By making us work with fewer clues, Consulting Detective promotes debate. The unreliable nature of induction creates a fertile ground for cooperation. Drawing potential turns of events and discussing how compatible are with the evidence we have is more engaging than raw mathematical deduction.
Most importantly, the game is designed to support this type of thinking. It provides enough evidence, signs, details to untangle the mystery. Anyone can put a puzzle together with all the pieces. But it takes a great detective to guess what the picture represents with half of them missing.
CONTENT
Regardless of the thematic implications, some feel the scoring discourages them from enjoying the game’s content. After all, interviewing suspects and immersing ourselves in the London of Doyle’s stories is a huge part of its appeal. By minimizing the number of clues, don’t we lose on what makes the game unique?
I don’t see it that way. The crime scene, the suspects and the game map are just the way to deliver the real experience which is solving a mystery. The substance of Consulting Detective is in reasoning, understanding motives and evaluating means, not reading.
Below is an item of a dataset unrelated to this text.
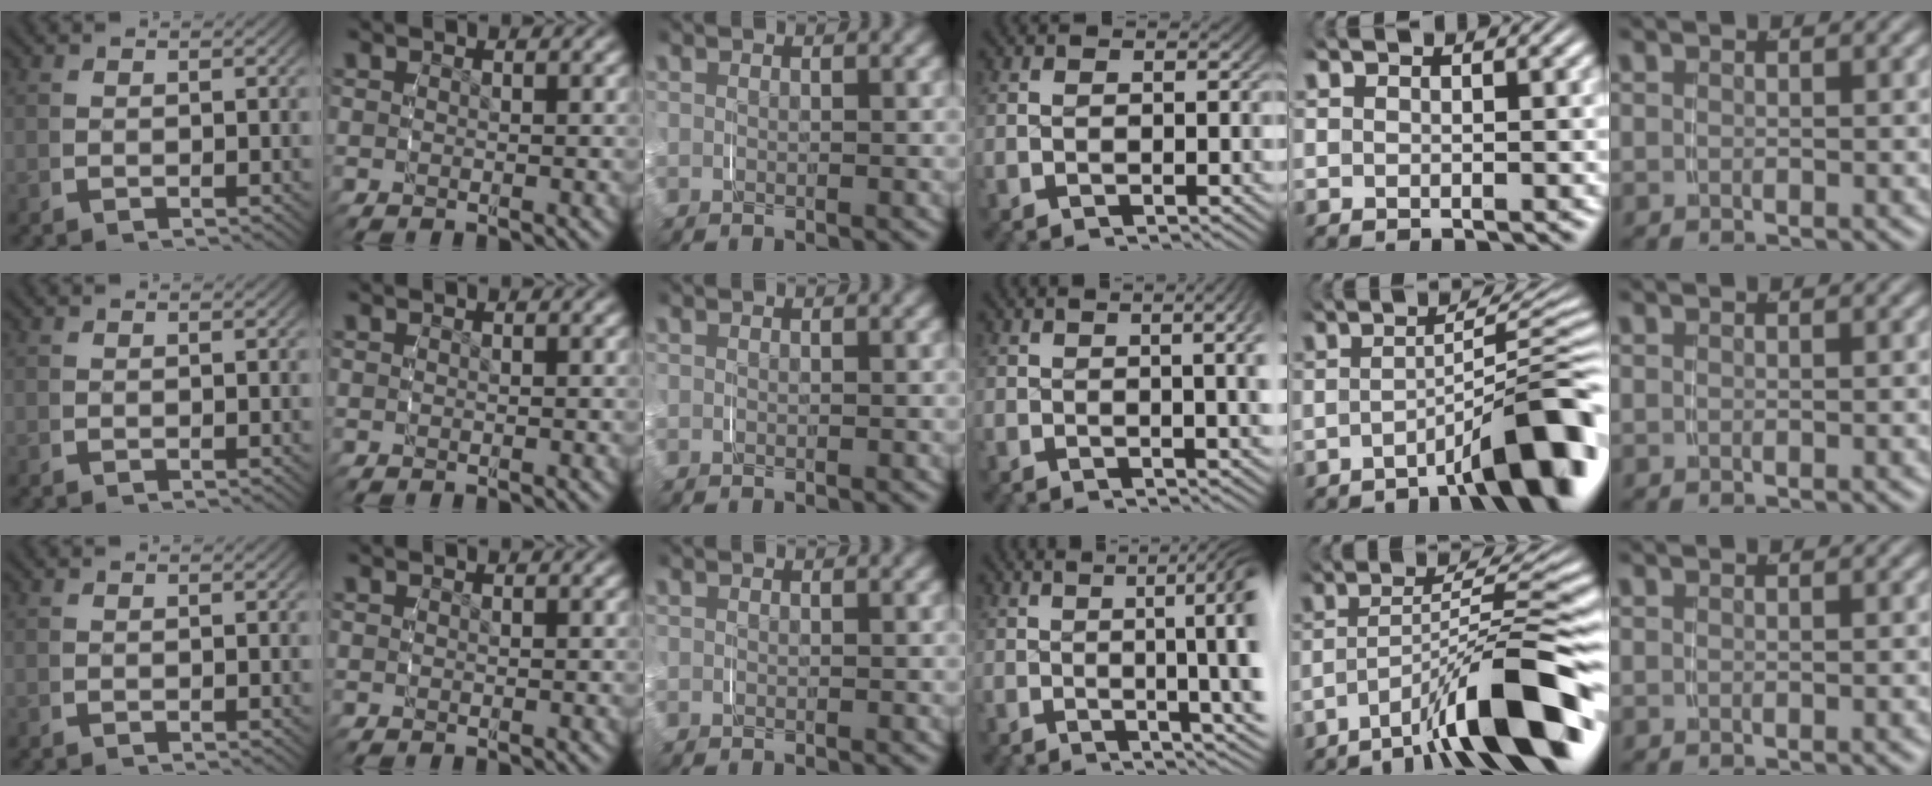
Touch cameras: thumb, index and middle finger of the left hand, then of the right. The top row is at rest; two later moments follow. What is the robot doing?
{"motion": "grasp_and_lifting", "object": "pencil case"}

It’s not different from any other game. The point of Terraforming Mars is not to play all its cards nor place every possible tile. Magic is not worse off by cutting cards from our deck instead of piling them up all together. In fact, we worsen the experience if we do. The same happens with Consulting Detective.
Truth to be told, there’s not much value to most clues. The majority of the information is located in a few key paragraphs. As we get further away from the crime scene and the main suspects, texts get smaller and less relevant. We might find confirmation for smaller details but that’s all.
In fact, some clues are redundant. For example, in one case there are ten different ways to obtain the same information about cigarettes. Reading them all doesn’t add much and it’s not particularly engaging. Consulting Detective is already a long, mentally straining game. Adding unnecessary information won’t make it more fun.
Like Holmes says, “A man’s brain originally is like a little empty attic, and you have to stock it with such furniture as you choose. A fool takes in all the lumber of every sort that he comes across.”